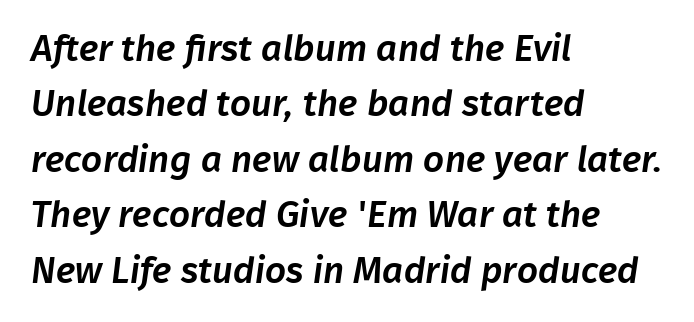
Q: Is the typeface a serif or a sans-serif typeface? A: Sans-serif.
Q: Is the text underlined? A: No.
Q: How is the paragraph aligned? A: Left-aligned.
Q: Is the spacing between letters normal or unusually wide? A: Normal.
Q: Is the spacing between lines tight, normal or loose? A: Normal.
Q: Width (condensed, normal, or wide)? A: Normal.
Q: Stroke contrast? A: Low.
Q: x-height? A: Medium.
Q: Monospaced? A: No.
#####
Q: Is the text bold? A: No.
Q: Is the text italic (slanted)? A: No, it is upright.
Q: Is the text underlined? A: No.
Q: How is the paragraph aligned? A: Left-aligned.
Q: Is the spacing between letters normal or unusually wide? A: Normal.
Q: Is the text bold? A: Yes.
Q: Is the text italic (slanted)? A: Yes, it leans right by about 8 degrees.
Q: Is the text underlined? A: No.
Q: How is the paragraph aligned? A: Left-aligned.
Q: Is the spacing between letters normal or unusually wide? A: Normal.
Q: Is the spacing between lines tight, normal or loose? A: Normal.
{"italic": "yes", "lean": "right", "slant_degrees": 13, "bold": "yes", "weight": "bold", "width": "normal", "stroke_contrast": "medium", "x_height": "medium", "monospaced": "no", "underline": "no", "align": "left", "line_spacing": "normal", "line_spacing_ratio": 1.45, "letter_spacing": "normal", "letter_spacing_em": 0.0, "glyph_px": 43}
#####
■ **EXERCISE AIM**
Bring together each line above where the string "bold" turns up.

■ **WRITTEN RESPONSE**
Q: Is the text bold? A: No.
Q: Is the text bold? A: Yes.
{"italic": "yes", "lean": "right", "slant_degrees": 13, "bold": "yes", "weight": "bold", "width": "normal", "stroke_contrast": "medium", "x_height": "medium", "monospaced": "no", "underline": "no", "align": "left", "line_spacing": "normal", "line_spacing_ratio": 1.45, "letter_spacing": "normal", "letter_spacing_em": 0.0, "glyph_px": 43}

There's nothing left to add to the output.